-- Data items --
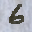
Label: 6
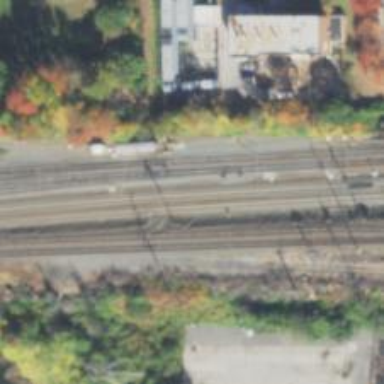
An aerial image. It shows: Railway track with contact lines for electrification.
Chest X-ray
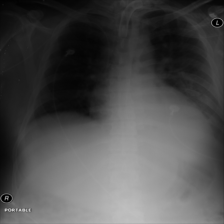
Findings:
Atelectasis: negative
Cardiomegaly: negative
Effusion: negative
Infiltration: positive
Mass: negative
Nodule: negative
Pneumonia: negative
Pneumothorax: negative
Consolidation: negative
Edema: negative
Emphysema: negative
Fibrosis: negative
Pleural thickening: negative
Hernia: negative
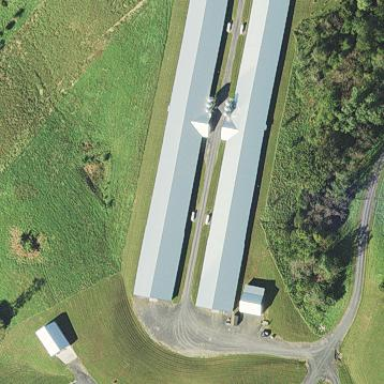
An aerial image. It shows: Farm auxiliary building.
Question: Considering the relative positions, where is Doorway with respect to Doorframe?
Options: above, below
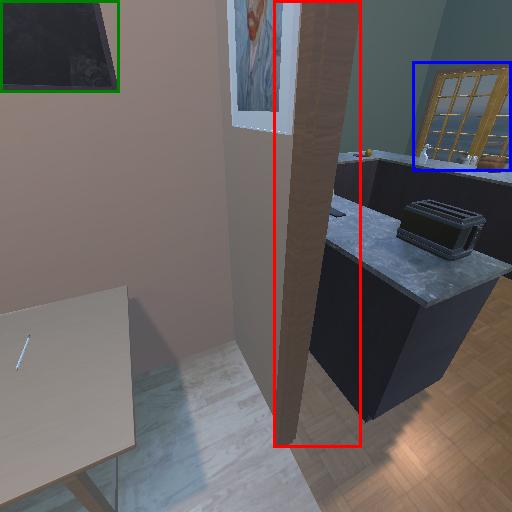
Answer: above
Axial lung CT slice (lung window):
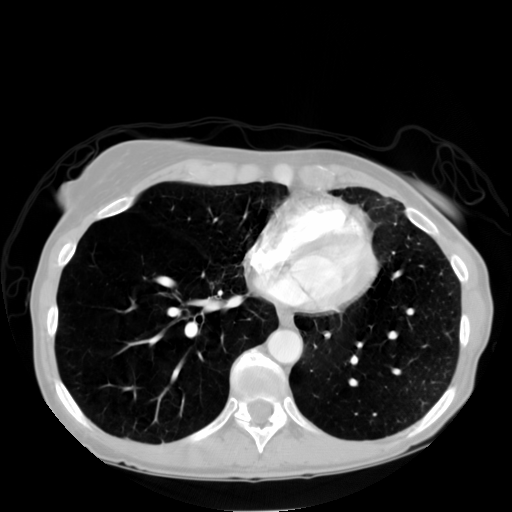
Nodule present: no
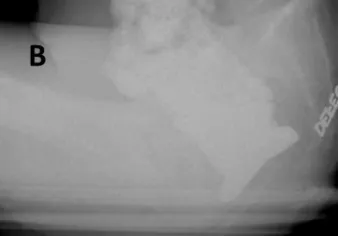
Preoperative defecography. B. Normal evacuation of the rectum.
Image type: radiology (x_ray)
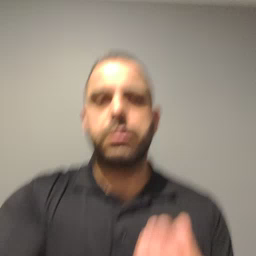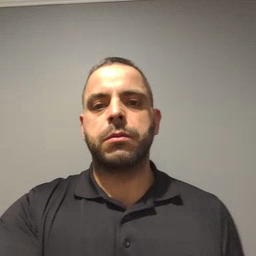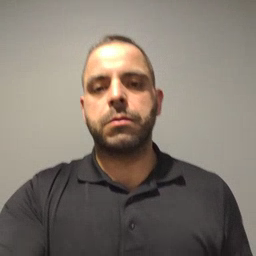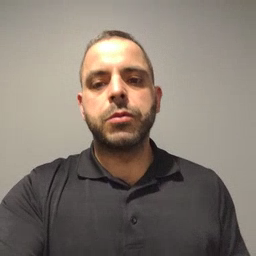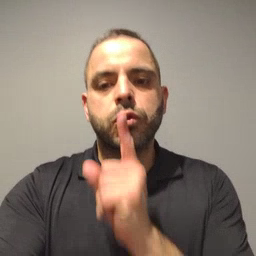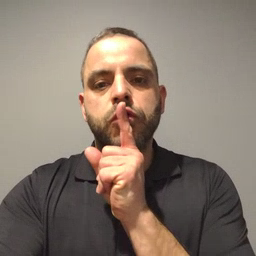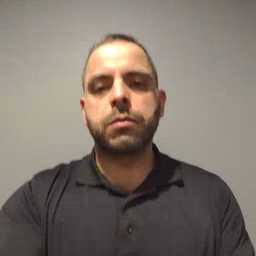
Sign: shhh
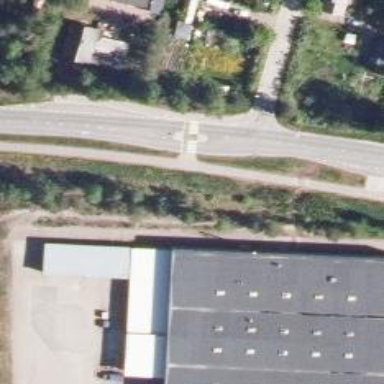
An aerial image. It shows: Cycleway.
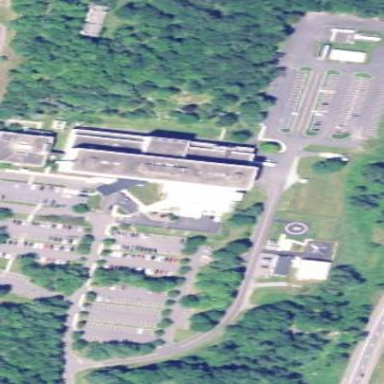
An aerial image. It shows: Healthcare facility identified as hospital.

-- Exercise requirements --
Each line from the one containing "Mass: negative" down to the final line of the records above must be reproduced exactly; no pictures go into the copy.

-- Exercise result --
Mass: negative
Nodule: negative
Pneumonia: negative
Pneumothorax: negative
Consolidation: negative
Edema: negative
Emphysema: negative
Fibrosis: negative
Pleural thickening: negative
Hernia: negative
An aerial image. It shows: Farm auxiliary building.
Question: Considering the relative positions, where is Doorway with respect to Doorframe?
Options: above, below
Answer: above
Axial lung CT slice (lung window):
Nodule present: no
Preoperative defecography. B. Normal evacuation of the rectum.
Image type: radiology (x_ray)
Sign: shhh
An aerial image. It shows: Cycleway.
An aerial image. It shows: Healthcare facility identified as hospital.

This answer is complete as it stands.